Several tools exist for high level monitoring your jobs which should be used to verify that your job is running as intended. These tools give hints towards problem areas and bottlenecks or underutilized resources (e.g. did you use all the GPUs you requested?).

After monitoring a job you can take a deeper dive and profile the application to find out more.

Job statistics🔗

The job_stats.py command returns you a link to a custom Grafana dashboard showing overview gauges of all your running jobs.

[chiajung@alvis1 ~]$ job_stats.py
https://grafana.c3se.chalmers.se/d/user-jobs/user-jobs?var-cluster=alvis&var-user=chiajung

Grafana user dashboard

The command can also take a Slurm job ID and returns you a link to another Grafana dashboard showing you the real-time resource usage of the specific job.

[chiajung@alvis1 ~]$ job_stats.py 2463933
https://grafana.c3se.chalmers.se/d/gpu-job/gpu-job?var-jobid=2463933&from=1719838686000&to=1719840057000

Grafana job dashboard

** Note: Your job must have been started by Slurm before you run job_stats.py **

In the top right corner you can adjust the time interval.
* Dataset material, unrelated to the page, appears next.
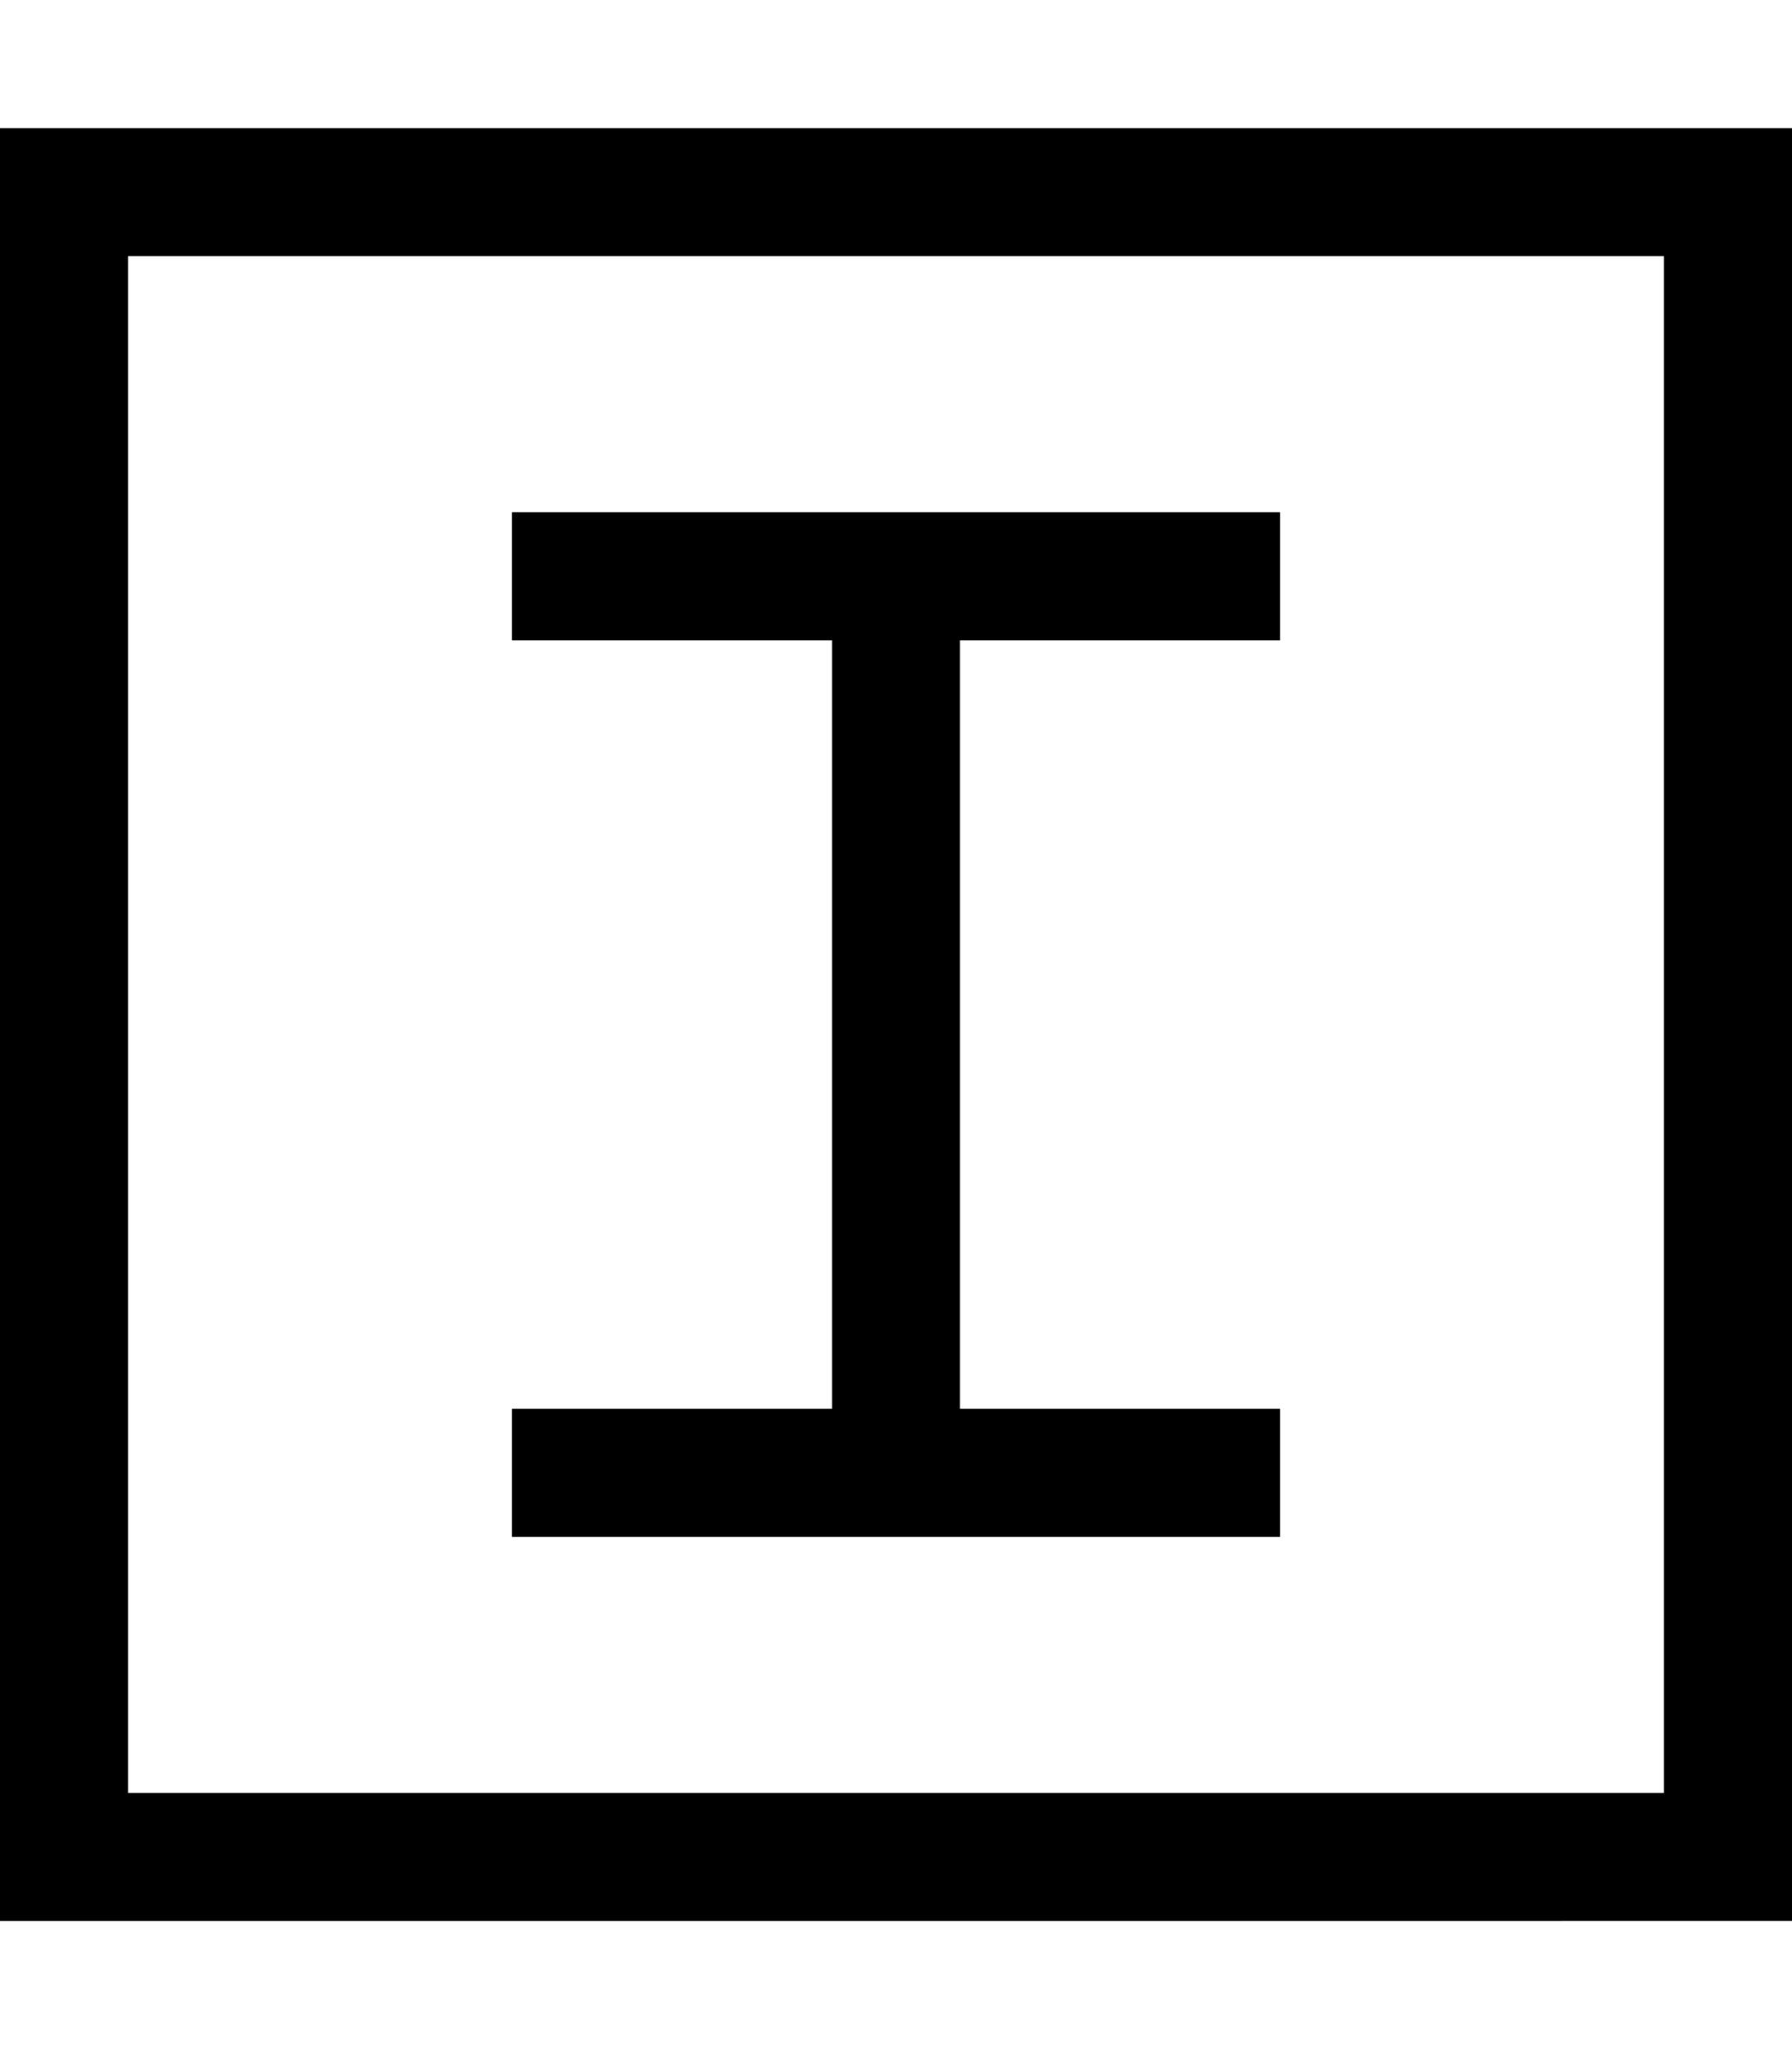 <svg xmlns="http://www.w3.org/2000/svg" viewBox="0 0 448 512"><!--! Font Awesome Pro 6.7.1 by @fontawesome - https://fontawesome.com License - https://fontawesome.com/license (Commercial License) Copyright 2024 Fonticons, Inc. --><path d="M32 64l0 384 384 0 0-384L32 64zM0 32l32 0 384 0 32 0 0 32 0 384 0 32-32 0L32 480 0 480l0-32L0 64 0 32zm144 96l80 0 80 0 16 0 0 32-16 0-64 0 0 192 64 0 16 0 0 32-16 0-64 0-32 0-64 0-16 0 0-32 16 0 64 0 0-192-64 0-16 0 0-32 16 0z"/></svg>

You can click and interact with each graph and highlight specific points in time.

The command works on both Vera and Alvis. For jobs running on Alvis, take special care to notice that you are actually utilizing all GPUs when you allocate several!

htop and nvtop and nvidia-smi🔗

If you ssh into the respective nodes for your job, you can use htop or nvtop commands to view CPU and GPU load respectively.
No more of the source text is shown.